First, the results of last week’s poll. In response to the question whether Germany needs to do more to distance itself from China, some 70 per cent of you said yes, 18 per cent said the present balance was right and 12 per cent were on the fence. Thanks for voting!
Speaking by phone on Tuesday with Ukrainian president Volodymyr Zelenskyy, President Emmanuel Macron of France agreed to hold an international conference in Paris on December 13 on assistance for Ukraine over the winter. The focus will be on electricity, water supplies and other critical infrastructure.
With some 30 to 40 per cent of Ukraine’s power-generating capacity destroyed by Russian air attacks since the start of October, this is in principle a valuable initiative. Almost 5mn Ukrainians were without power on Friday. But the Paris meeting will also be important as a political signal that the west’s resolve to support Ukraine is undiminished.
However, there could be trouble ahead. We are already seeing signs that, in the US and some European countries, the commitment to support Ukraine over the long term is coming under pressure.
The US midterm elections
The first test is next week’s US midterms. Opinion polls indicate the Republicans are set to win control of the House of Representatives. House minority leader Kevin McCarthy suggested that, if this happens, it won’t be easy to secure future House approval for aid to Ukraine.
Senate Republican leader Mitch McConnell quickly contradicted McCarthy, saying that in the upper chamber of Congress his party’s support for Ukraine would remain solid.
However, Ukraine’s concerns were further raised when liberal Democrats sent a letter to the White House, urging the Biden administration to explore “all possible avenues” to end the war, including “direct engagement with Russia”. They soon withdrew their letter, but a certain confusion lingers over the resilience of bipartisan support for Ukraine in Washington.
Among American voters, the willingness to help Ukraine appears to be holding up. According to a Reuters/Ipsos poll released on October 10, 66 per cent support continuing US military aid — down from 73 per cent in late April.
As Keith Naughton argues in this article for The Hill, public support for Ukraine may be weaker than the polling indicates.

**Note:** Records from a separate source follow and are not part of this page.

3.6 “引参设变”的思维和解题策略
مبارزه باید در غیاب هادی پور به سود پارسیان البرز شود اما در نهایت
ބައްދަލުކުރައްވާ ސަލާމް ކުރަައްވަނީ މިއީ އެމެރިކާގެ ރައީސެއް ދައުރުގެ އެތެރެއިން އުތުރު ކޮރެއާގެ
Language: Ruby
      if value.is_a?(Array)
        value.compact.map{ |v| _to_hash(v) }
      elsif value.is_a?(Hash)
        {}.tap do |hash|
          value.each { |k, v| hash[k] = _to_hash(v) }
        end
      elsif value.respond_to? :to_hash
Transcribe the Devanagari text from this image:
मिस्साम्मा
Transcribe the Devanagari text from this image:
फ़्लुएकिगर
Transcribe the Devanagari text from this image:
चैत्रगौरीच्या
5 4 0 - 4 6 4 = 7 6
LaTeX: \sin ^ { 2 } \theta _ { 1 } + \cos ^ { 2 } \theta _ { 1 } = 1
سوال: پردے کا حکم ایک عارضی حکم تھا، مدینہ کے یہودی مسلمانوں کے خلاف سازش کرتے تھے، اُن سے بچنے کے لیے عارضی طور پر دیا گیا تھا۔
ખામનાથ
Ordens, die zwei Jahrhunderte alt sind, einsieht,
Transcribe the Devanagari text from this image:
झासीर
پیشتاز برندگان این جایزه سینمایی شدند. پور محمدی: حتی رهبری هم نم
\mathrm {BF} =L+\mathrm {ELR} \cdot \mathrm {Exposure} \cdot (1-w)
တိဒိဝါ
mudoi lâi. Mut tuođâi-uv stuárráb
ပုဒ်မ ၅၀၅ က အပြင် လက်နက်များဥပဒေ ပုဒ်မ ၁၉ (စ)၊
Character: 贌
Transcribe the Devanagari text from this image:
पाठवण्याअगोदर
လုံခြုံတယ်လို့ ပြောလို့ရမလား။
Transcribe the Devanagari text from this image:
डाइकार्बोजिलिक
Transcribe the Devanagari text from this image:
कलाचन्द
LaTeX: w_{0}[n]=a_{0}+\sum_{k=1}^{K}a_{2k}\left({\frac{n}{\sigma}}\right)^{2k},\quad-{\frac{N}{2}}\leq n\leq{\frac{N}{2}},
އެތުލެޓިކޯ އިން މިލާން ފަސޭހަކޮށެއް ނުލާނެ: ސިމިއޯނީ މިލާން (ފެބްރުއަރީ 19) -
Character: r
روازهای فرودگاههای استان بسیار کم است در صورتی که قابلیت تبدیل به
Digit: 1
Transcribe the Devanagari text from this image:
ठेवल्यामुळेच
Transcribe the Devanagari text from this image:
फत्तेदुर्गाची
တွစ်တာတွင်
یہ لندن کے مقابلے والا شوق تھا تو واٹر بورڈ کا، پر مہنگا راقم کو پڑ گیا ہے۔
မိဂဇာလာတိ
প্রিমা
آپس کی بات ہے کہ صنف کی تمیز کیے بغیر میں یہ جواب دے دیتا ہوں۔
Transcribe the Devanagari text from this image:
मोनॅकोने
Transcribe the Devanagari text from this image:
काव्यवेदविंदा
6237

Inflation and the cloudy economic outlook are the main concerns for Americans. National security and foreign policy are way down their list of priorities.
Imbalance between US and European aid
This matters because there’s growing impatience in Washington with the imbalance between the vast US military and financial effort on Ukraine’s behalf and the slower, smaller European response. This chart, prepared by the Kiel Institute for the World Economy, highlights the gap:
An early critic of the Europeans was Senator Roger Marshall of Kansas, a Republican. As Jeremy Shapiro observes in this commentary for the European Council on Foreign Relations, Marshall complained that “our Nato allies’ contributions have dropped off significantly, turning this essentially into a proxy war between the US and Russia”.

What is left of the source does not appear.